Needing to jump into a database to change things.
Needing to jump around in many different files to create a new package/microservice/API endpoint.
Releasing/packaging a library and then jumping to another place to start using it. I’m looking at you NPM, Maven, Gradle, et al… This is where a monorepo can shine.

Finally, certain companies require lots of movement to make a release to customers; making a release in one place and writing release notes in Slack or Jira, going through required checklists, making a second pull request to merge in production, clicking an extra button and waiting (waste!) to deploy to production… The more often you do something, the less movement you should strive for. It adds up over time…

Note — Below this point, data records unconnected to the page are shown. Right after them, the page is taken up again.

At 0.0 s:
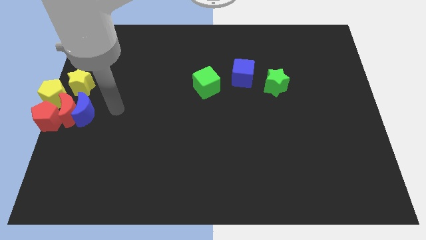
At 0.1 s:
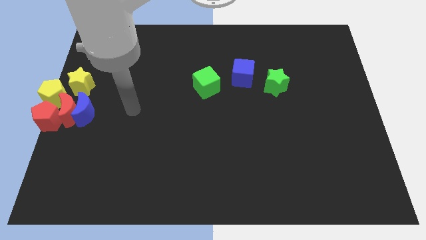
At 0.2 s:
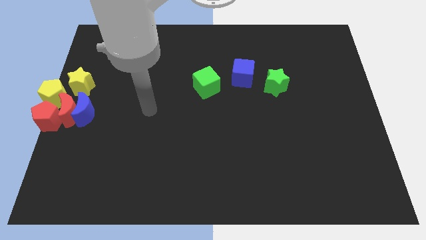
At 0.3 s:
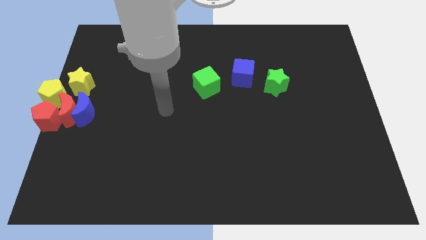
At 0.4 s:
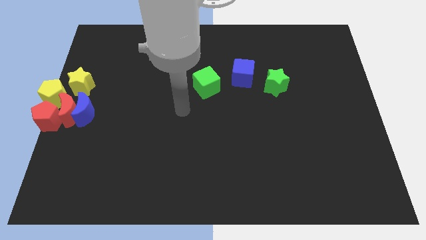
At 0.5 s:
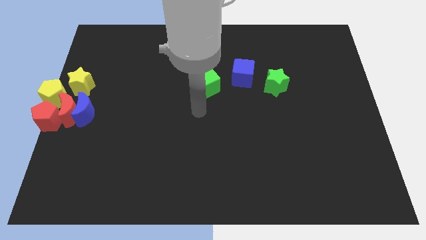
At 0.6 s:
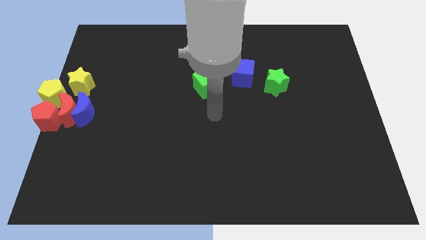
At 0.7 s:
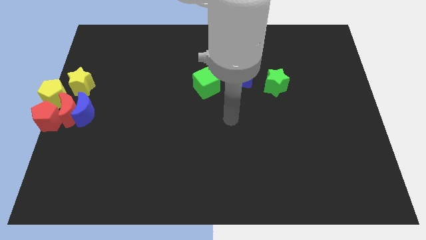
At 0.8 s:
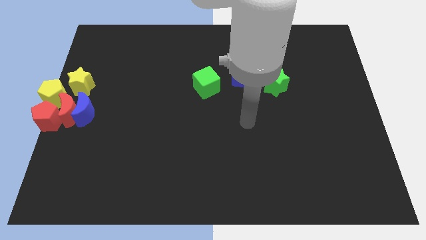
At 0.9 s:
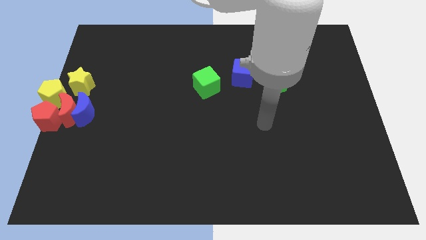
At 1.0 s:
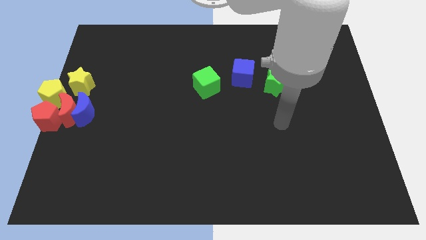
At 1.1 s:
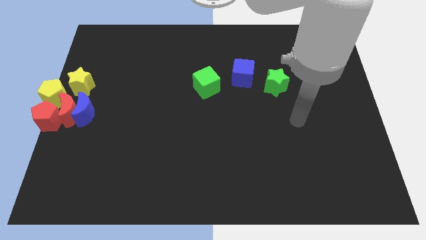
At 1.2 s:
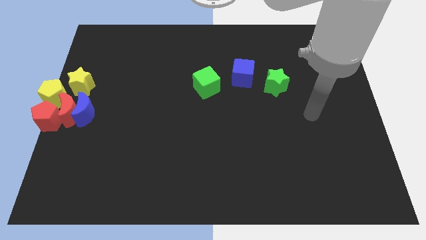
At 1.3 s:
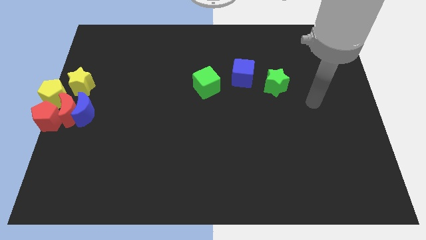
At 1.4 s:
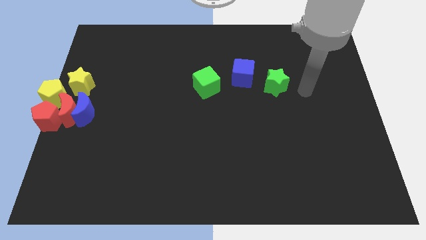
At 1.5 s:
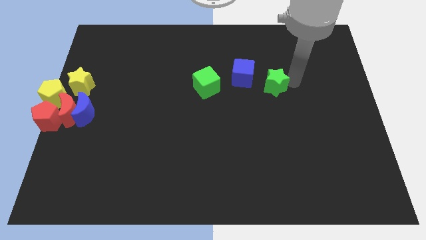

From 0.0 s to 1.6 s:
point your arm to the right side of green star

Generally, a higher standardized set of movements to perform a task is usually better than constantly having to figure out which movements are needed to perform a task. For example, once you have standardized which steps are needed to create a microservice, you can take a more structured approach to reduce the steps. In other words, “Lead Time for Changes” variability is usually more important to reduce first before you take a stab at reducing the actual lead time.

Waste of making defective products. This is what we mostly call bugs, but it can also include bad UX experiences. Many people think of these defects primarily as immediate customer impact. They are, but there is also the secondary impact on velocity - constantly going back to fix bugs can have a detrimental impact on velocity.

Waste of underutilized workers. Not utilizing or growing engineering talent is also a waste. Making engineers ticket machines by not allowing them to take initiative or have a shared ownership of the product backlog can have detrimental effects on product innovation or product development effectiveness.

Underutilizing workers is a good example of where an organization’s culture can come into place. Generally, reducing waste in software development is a socio-technical problem needing to work within the spheres of improving processes, people management, and tech.